### WHAT TO PRODUCE
Hand back all records exactly, pictures omitted.

### SOURCE RECORDS
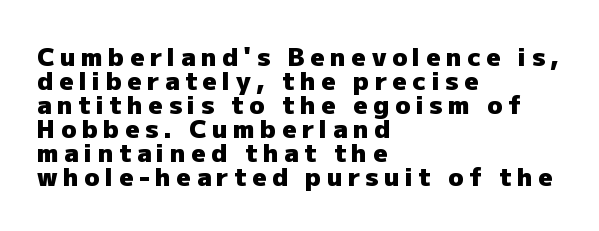
Tracking here is generous; glyphs stand well apart from one another. The typesetting leans heavy: a genuine bold. No italicization has been applied; the sample stays upright. Just letters on the line, the space beneath them empty. Layout note: lines flush left.
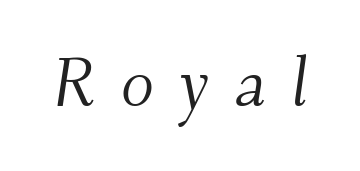
Q: Is the text bold? A: No.
Q: Is the text italic (slanted)? A: Yes, it leans right by about 9 degrees.
Q: Is the typeface a serif or a sans-serif typeface? A: Serif.
Q: Is the text underlined? A: No.
Q: Is the spacing between letters normal or unusually wide? A: Unusually wide.
Q: Width (condensed, normal, or wide)? A: Normal.
Q: Stroke contrast? A: Medium.
Q: x-height? A: Small.
Q: Monospaced? A: No.
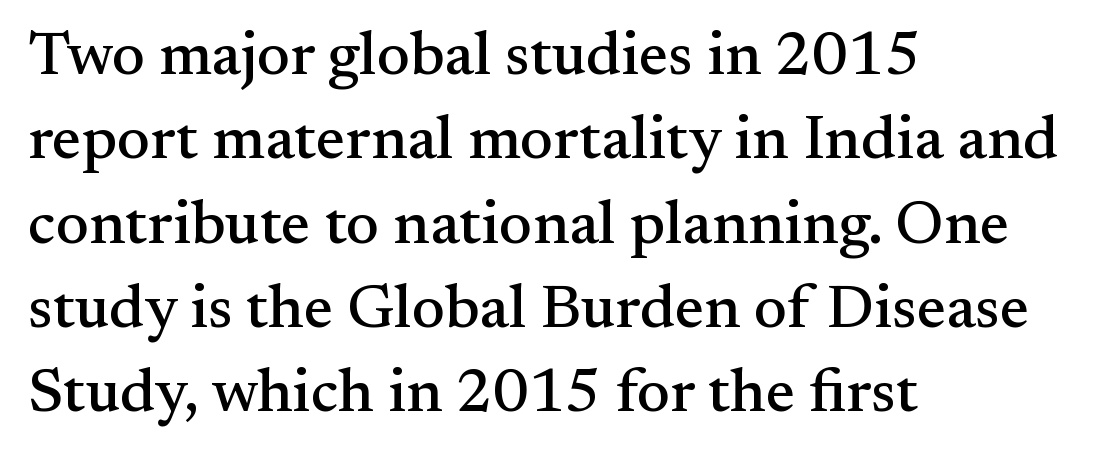
The image shows 62 px serif type, upright; set left-aligned, normal line spacing (1.36x), normal letter spacing, not underlined; medium stroke contrast and a small x-height.
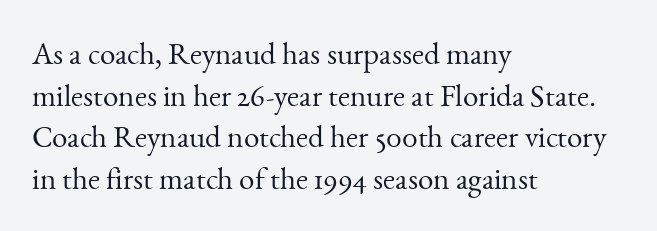
{"serif": "yes", "italic": "no", "bold": "no", "weight": "light", "width": "normal", "stroke_contrast": "medium", "x_height": "small", "monospaced": "no", "underline": "no", "align": "left", "line_spacing": "normal", "line_spacing_ratio": 1.34, "letter_spacing": "normal", "letter_spacing_em": 0.0, "glyph_px": 31}
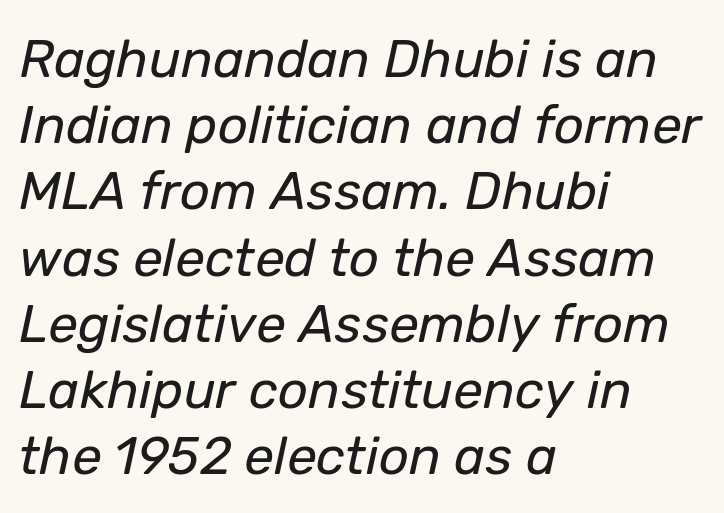
The image shows 53 px regular-weight type, italic (leaning right); set left-aligned, normal line spacing (1.25x), normal letter spacing, not underlined; low stroke contrast and a medium x-height.
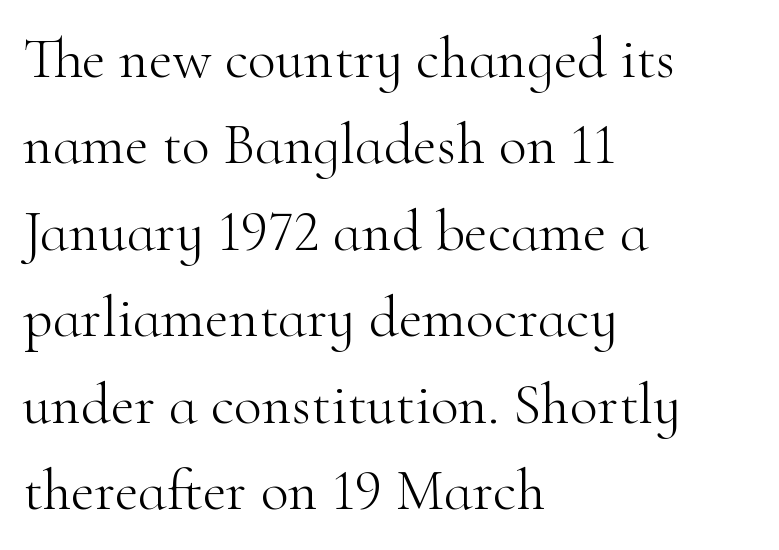
The image shows 58 px light serif type, upright; set left-aligned, normal line spacing (1.49x), normal letter spacing, not underlined; high stroke contrast and a small x-height.
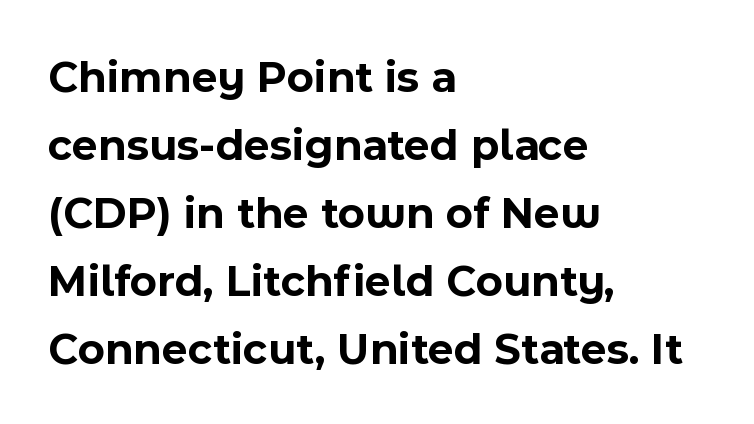
{"serif": "no", "italic": "no", "bold": "yes", "weight": "bold", "width": "normal", "x_height": "medium", "monospaced": "no", "underline": "no", "align": "left", "line_spacing": "normal", "line_spacing_ratio": 1.51, "letter_spacing": "normal", "letter_spacing_em": 0.0, "glyph_px": 45}
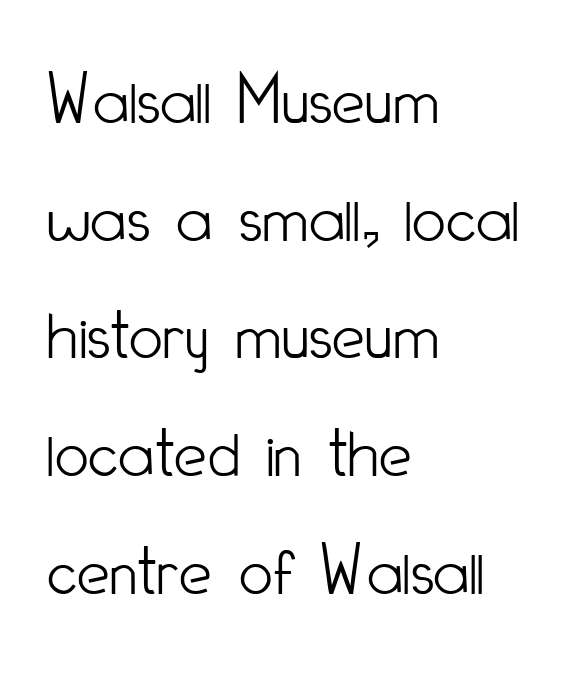
{"serif": "no", "italic": "no", "bold": "no", "weight": "light", "width": "condensed", "stroke_contrast": "low", "x_height": "small", "monospaced": "no", "underline": "no", "align": "left", "line_spacing": "normal", "line_spacing_ratio": 1.59, "letter_spacing": "normal", "letter_spacing_em": 0.0, "glyph_px": 74}
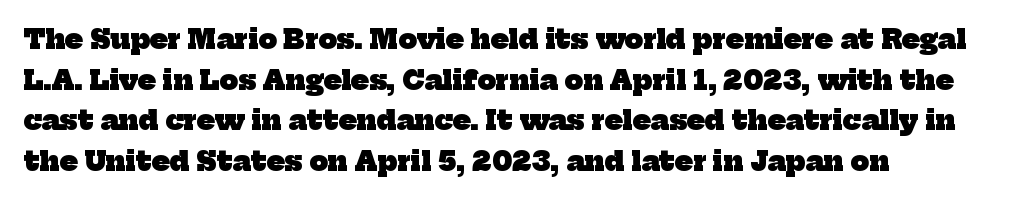
Q: Is the text bold? A: Yes.
Q: Is the text underlined? A: No.
Q: How is the paragraph aligned? A: Left-aligned.
Q: Is the spacing between letters normal or unusually wide? A: Normal.
Q: Is the spacing between lines tight, normal or loose? A: Normal.
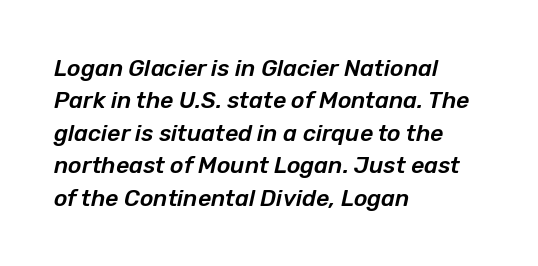
Q: Is the text italic (slanted)? A: Yes, it leans right by about 12 degrees.
Q: Is the text underlined? A: No.
Q: How is the paragraph aligned? A: Left-aligned.
Q: Is the spacing between letters normal or unusually wide? A: Normal.
Q: Is the spacing between lines tight, normal or loose? A: Normal.
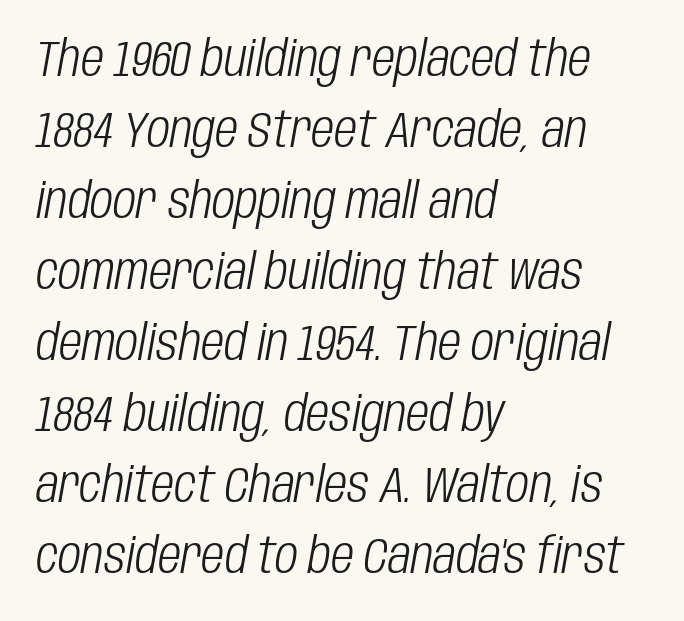
The image shows 50 px light, condensed type, italic (leaning right); set left-aligned, normal line spacing (1.42x), normal letter spacing, not underlined; low stroke contrast and a large x-height.
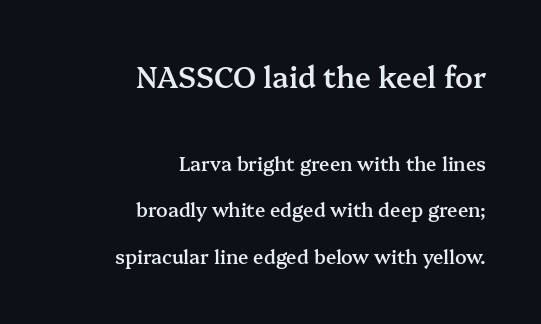
{"serif": "yes", "italic": "no", "bold": "semi", "weight": "semibold", "width": "normal", "stroke_contrast": "medium", "x_height": "medium", "monospaced": "no", "underline": "no", "align": "right", "line_spacing": "loose", "line_spacing_ratio": 2.44, "letter_spacing": "normal", "letter_spacing_em": 0.0, "larger_block": "first", "size_ratio": 1.53, "glyph_px": 29}
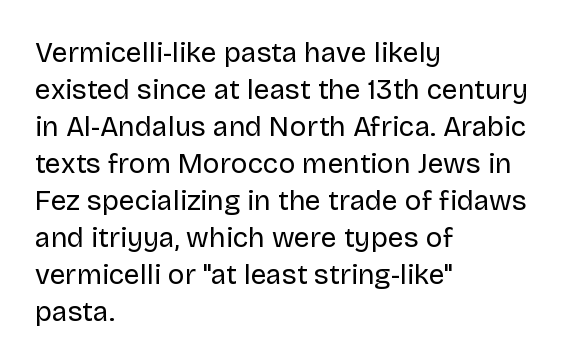
The rendering keeps characters at their native spacing. Rows of type keep a routine distance in the vertical direction. I'd call this a sans setting — the letters go barefoot. This reads as an unemphasized weight, regular at the heaviest. Each letter keeps its own natural width here, so spacing adapts to shape.
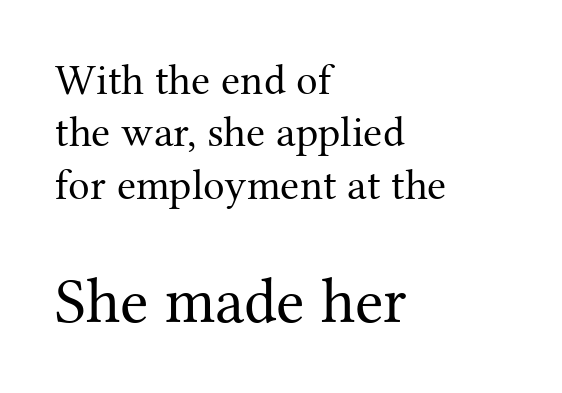
{"serif": "yes", "italic": "no", "bold": "no", "weight": "regular", "width": "normal", "stroke_contrast": "medium", "x_height": "medium", "monospaced": "no", "underline": "no", "align": "left", "line_spacing_ratio": 1.22, "letter_spacing": "normal", "letter_spacing_em": 0.0, "larger_block": "second", "size_ratio": 1.49, "glyph_px": 64}

### WRITTEN RESPONSE
Tracking here is generous; glyphs stand well apart from one another. The typesetting leans heavy: a genuine bold. No italicization has been applied; the sample stays upright. Just letters on the line, the space beneath them empty. Layout note: lines flush left.
Q: Is the text bold? A: No.
Q: Is the text italic (slanted)? A: Yes, it leans right by about 9 degrees.
Q: Is the typeface a serif or a sans-serif typeface? A: Serif.
Q: Is the text underlined? A: No.
Q: Is the spacing between letters normal or unusually wide? A: Unusually wide.
Q: Width (condensed, normal, or wide)? A: Normal.
Q: Stroke contrast? A: Medium.
Q: x-height? A: Small.
Q: Monospaced? A: No.
The image shows 62 px serif type, upright; set left-aligned, normal line spacing (1.36x), normal letter spacing, not underlined; medium stroke contrast and a small x-height.
{"serif": "yes", "italic": "no", "bold": "no", "weight": "light", "width": "normal", "stroke_contrast": "medium", "x_height": "small", "monospaced": "no", "underline": "no", "align": "left", "line_spacing": "normal", "line_spacing_ratio": 1.34, "letter_spacing": "normal", "letter_spacing_em": 0.0, "glyph_px": 31}
The image shows 53 px regular-weight type, italic (leaning right); set left-aligned, normal line spacing (1.25x), normal letter spacing, not underlined; low stroke contrast and a medium x-height.
The image shows 58 px light serif type, upright; set left-aligned, normal line spacing (1.49x), normal letter spacing, not underlined; high stroke contrast and a small x-height.
{"serif": "no", "italic": "no", "bold": "yes", "weight": "bold", "width": "normal", "x_height": "medium", "monospaced": "no", "underline": "no", "align": "left", "line_spacing": "normal", "line_spacing_ratio": 1.51, "letter_spacing": "normal", "letter_spacing_em": 0.0, "glyph_px": 45}
{"serif": "no", "italic": "no", "bold": "no", "weight": "light", "width": "condensed", "stroke_contrast": "low", "x_height": "small", "monospaced": "no", "underline": "no", "align": "left", "line_spacing": "normal", "line_spacing_ratio": 1.59, "letter_spacing": "normal", "letter_spacing_em": 0.0, "glyph_px": 74}
Q: Is the text bold? A: Yes.
Q: Is the text underlined? A: No.
Q: How is the paragraph aligned? A: Left-aligned.
Q: Is the spacing between letters normal or unusually wide? A: Normal.
Q: Is the spacing between lines tight, normal or loose? A: Normal.
Q: Is the text italic (slanted)? A: Yes, it leans right by about 12 degrees.
Q: Is the text underlined? A: No.
Q: How is the paragraph aligned? A: Left-aligned.
Q: Is the spacing between letters normal or unusually wide? A: Normal.
Q: Is the spacing between lines tight, normal or loose? A: Normal.
The image shows 50 px light, condensed type, italic (leaning right); set left-aligned, normal line spacing (1.42x), normal letter spacing, not underlined; low stroke contrast and a large x-height.
{"serif": "yes", "italic": "no", "bold": "semi", "weight": "semibold", "width": "normal", "stroke_contrast": "medium", "x_height": "medium", "monospaced": "no", "underline": "no", "align": "right", "line_spacing": "loose", "line_spacing_ratio": 2.44, "letter_spacing": "normal", "letter_spacing_em": 0.0, "larger_block": "first", "size_ratio": 1.53, "glyph_px": 29}
The rendering keeps characters at their native spacing. Rows of type keep a routine distance in the vertical direction. I'd call this a sans setting — the letters go barefoot. This reads as an unemphasized weight, regular at the heaviest. Each letter keeps its own natural width here, so spacing adapts to shape.
{"serif": "yes", "italic": "no", "bold": "no", "weight": "regular", "width": "normal", "stroke_contrast": "medium", "x_height": "medium", "monospaced": "no", "underline": "no", "align": "left", "line_spacing_ratio": 1.22, "letter_spacing": "normal", "letter_spacing_em": 0.0, "larger_block": "second", "size_ratio": 1.49, "glyph_px": 64}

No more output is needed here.